I will give you the benefit of the doubt and assume you simply misread what I wrote. I will state it with more precision, and add an annotation in blue:

. Suppose you have a list of real numbers. (which may or may not contain all of the real numbers)
. Suppose you have an enumeration of said list.
. Applying Cantor's diagonal argument gives you a number not in the list.
. Therefore, said list cannot be a list of all real numbers.

You claim to have enumerated a list of real numbers. Therefore, your list does not contain all real numbers.

I will give you the benefit of the doubt and assume you simply misread what I wrote. I will state it with more precision, and add an annotation in blue:

. Suppose you have a list of real numbers. (which may or may not contain all of the real numbers)
. Suppose you have an enumeration of said list.
. Applying Cantor's diagonal argument gives you a number not in the list.
. Therefore, said list cannot be a list of all real numbers.

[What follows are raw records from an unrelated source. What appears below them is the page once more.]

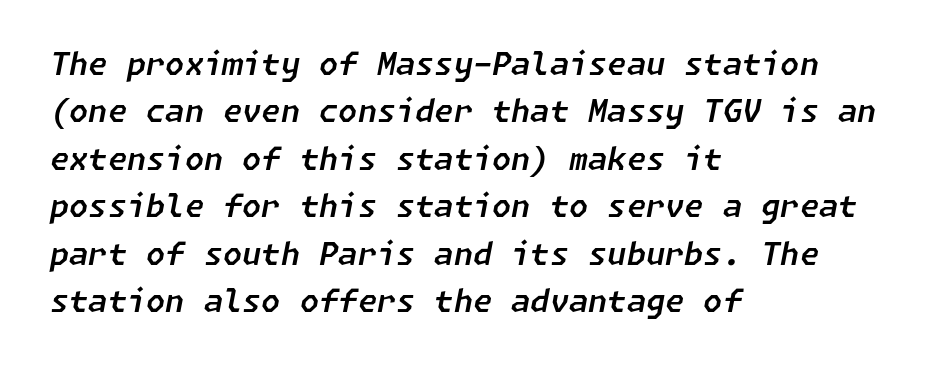
{"italic": "yes", "lean": "right", "slant_degrees": 11, "width": "normal", "stroke_contrast": "low", "x_height": "medium", "underline": "no", "align": "left", "line_spacing": "normal", "line_spacing_ratio": 1.53, "letter_spacing": "normal", "letter_spacing_em": 0.0, "glyph_px": 31}
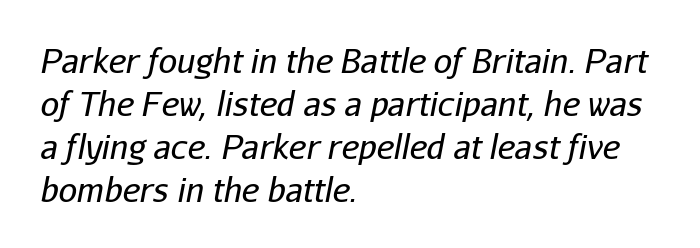
The image shows 33 px regular-weight type, italic (leaning right); set left-aligned, normal line spacing (1.3x), normal letter spacing, not underlined; low stroke contrast and a medium x-height.
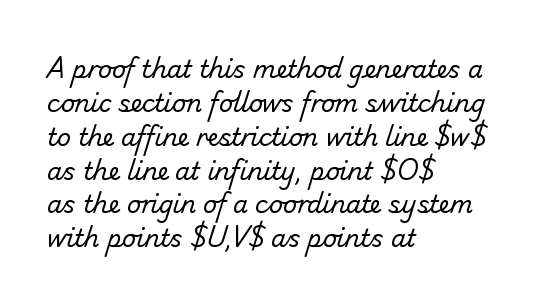
Q: Is the text bold? A: No.
Q: Is the text underlined? A: No.
Q: How is the paragraph aligned? A: Left-aligned.
Q: Is the spacing between letters normal or unusually wide? A: Normal.
Q: Is the spacing between lines tight, normal or loose? A: Normal.
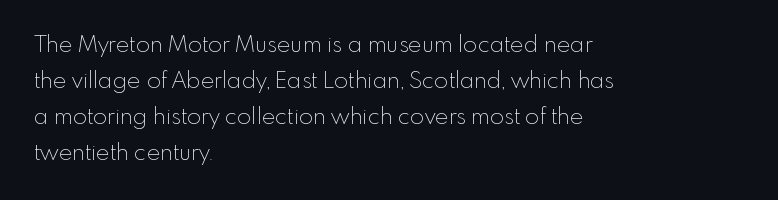
The image shows 23 px text type, upright; set left-aligned, normal line spacing (1.56x), normal letter spacing, not underlined.
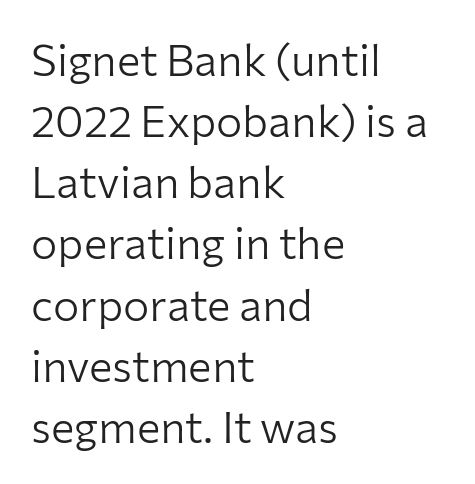
{"serif": "no", "italic": "no", "bold": "no", "weight": "light", "width": "normal", "stroke_contrast": "low", "x_height": "medium", "monospaced": "no", "underline": "no", "align": "left", "line_spacing": "normal", "line_spacing_ratio": 1.39, "letter_spacing": "normal", "letter_spacing_em": 0.0, "glyph_px": 44}
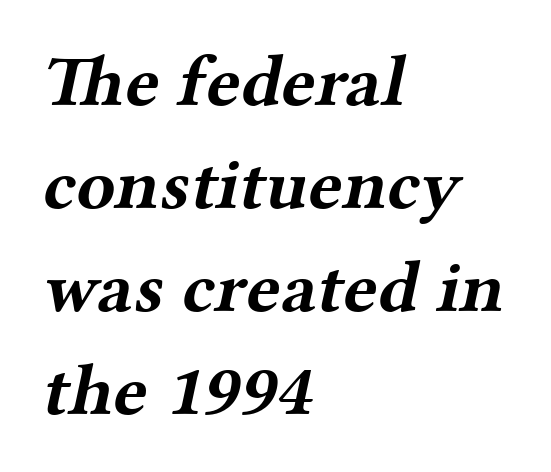
The image shows 72 px bold, wide serif type; set left-aligned, normal line spacing (1.43x), normal letter spacing, not underlined; medium stroke contrast and a medium x-height.

You claim to have enumerated a list of real numbers. Therefore, your list does not contain all real numbers.

i will grant you the same benefit and point out that the construction i propose is based on the diagonal argument. every new sequence is the diagonal of the preceding sequences.

Hurkyl
Staff Emeritus
Gold Member
Does your construction enumerate a list of reals? If so, then it's missing one.

i am getting tired of authoritarian assertions, bold or blue. could somebody please come with a rational, logical argument?
By the way, i will grant you this: my construction does not enumerate the reals in an ordered sequence. but it still seems to me that any real would be eventually enumerated. as far as the syntax is concerned, binary sequences were used by Cantor himself as expression of real numbers.

"eventually" here is misleading. You can put reals in a one to one correpondence with the natural numbers, (in an unordered sequence) butyou cannot reach the end of an infinite sequence be it of reals or natural numbers. what counts is that in this construction you can not point at a real which will not be eventually output by the program.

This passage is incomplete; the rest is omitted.